In the municipal council there are 25 seats and the distribution of mandates after the municipal council election from March 6, 2005 is as follows:
ÖVP 16, SPÖ 8, Greens 1, other parties no seats.

=== Twin cities ===
Retz is twinned with the following cities:

- Rötz, Germany
- Hainburg, Germany
- Znojmo, Czech Republic

== Main sights==

=== Historical buildings ===
- Hauptplatz (main square) with Pranger (pillory), town hall, Verderberhaus and Sgraffitohaus. Beneath the Hauptplatz is the extensive wine cellar system
- Gatterburg castle
- Dominikanerkirche and monastery (Dominican church)
- Parish church Saint Stephen
- Windmill of Retz
- Calvary
- Military cemetery built in 1979 where all German soldiers who fell in the Weinviertel are buried together since then

=== Museums ===
- Fahrradmuseum (bicycle museum) at Gatterburg castle
- Retzer Erlebniskeller ("Adventure wine cellar"), one of the biggest cellar systems in Mitteleuropa
- Museum Retz (museum of local history and South Moravian gallery)

== Events ==
- Weintage ("Wine days") - annual, 10 days from Corpus Christi on
- Weinlesefest ("Grape harvest festival") - annual, Friday to Sunday on the last weekend of September
- Kürbisfest im Retzer Land ("Pumpkin festival") in the region around Retz

== Economy and infrastructure ==
Retz is a traditional trading city and is best known for its dealing in wines.

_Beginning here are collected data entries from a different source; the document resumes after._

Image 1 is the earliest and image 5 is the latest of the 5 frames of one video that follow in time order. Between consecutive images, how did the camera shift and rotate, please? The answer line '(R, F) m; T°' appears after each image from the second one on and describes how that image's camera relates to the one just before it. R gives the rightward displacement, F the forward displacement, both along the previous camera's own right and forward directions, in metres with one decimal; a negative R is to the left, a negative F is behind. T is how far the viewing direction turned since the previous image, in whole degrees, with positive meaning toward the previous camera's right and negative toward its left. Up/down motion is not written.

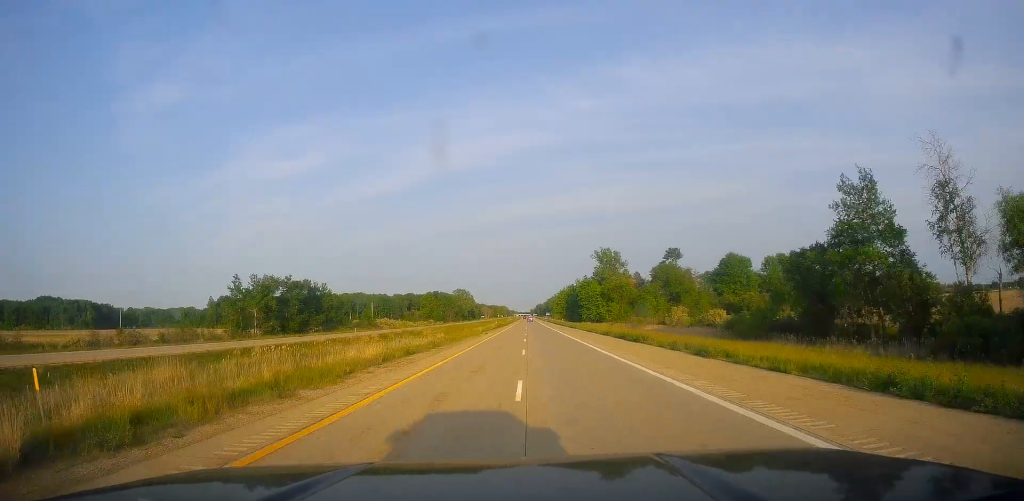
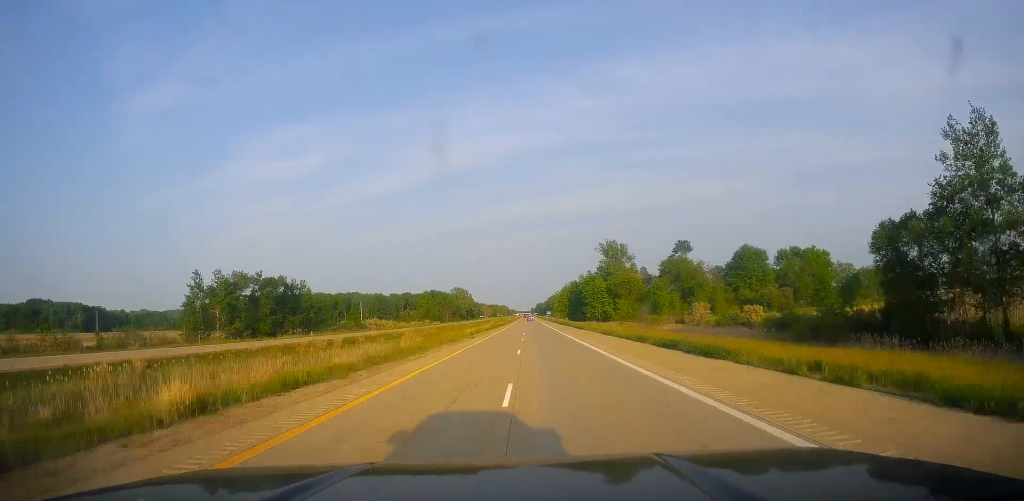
(+0.1, +15.6) m; 0°
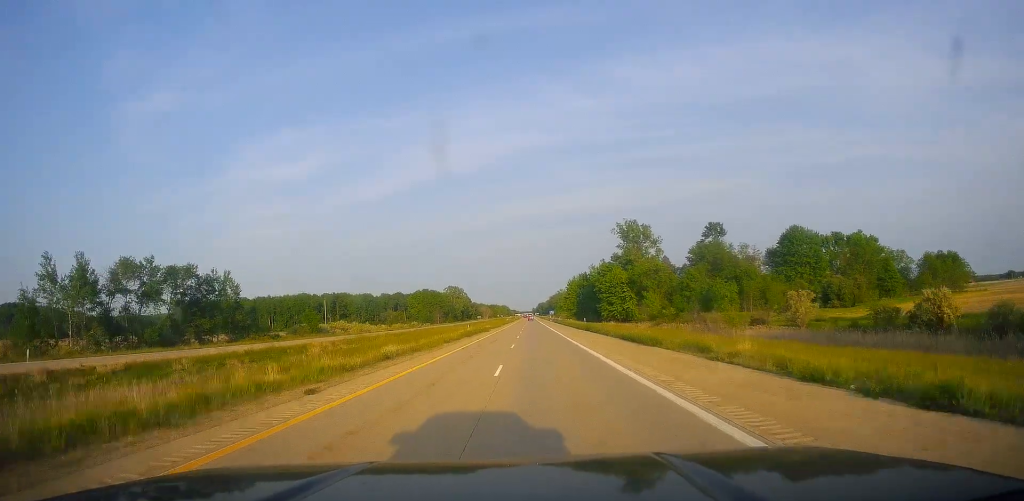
(-0.1, +39.6) m; 0°
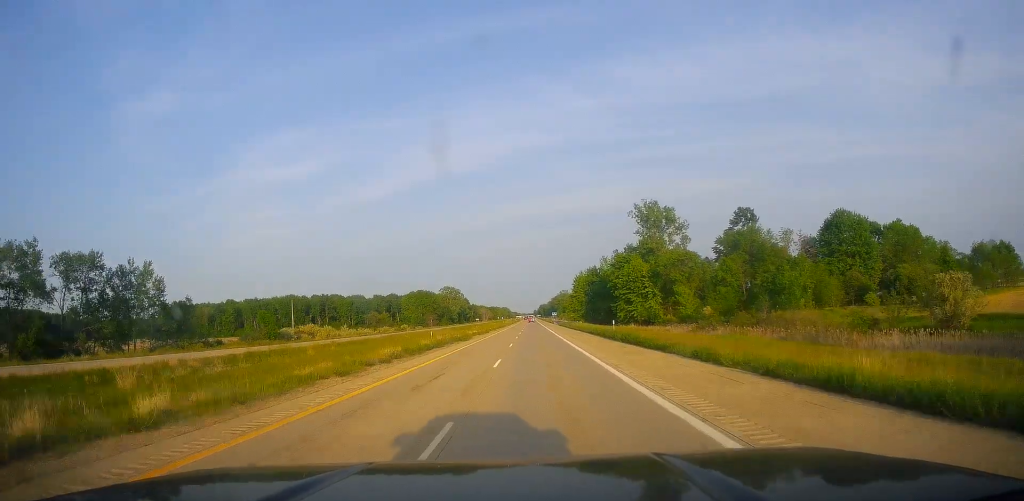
(-0.2, +26.4) m; 0°
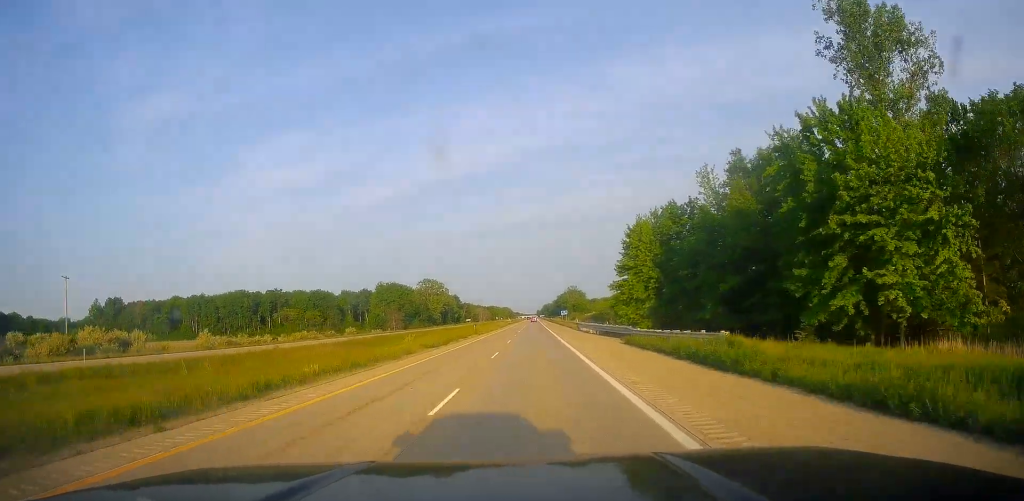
(-0.8, +86.4) m; -1°

There are 206 non-agricultural workplaces as of 2001, and 315 agricultural workplaces as of 1999. The number of gainful persons is 1,709 according to the census of 2001. The activity rate was 42.08 percent.

=== Transportation ===
Retz has a station on the Nordwestbahn, with regular scheduled traffic to Vienna but also to Znojmo in Czech Republic.

=== Inhabitant growth ===
According to the 2001 census, Retz has 4,168 inhabitants. Back in 1991, there were 4,284 inhabitants, in 1981 4,333, and 4,927 inhabitants in 1971.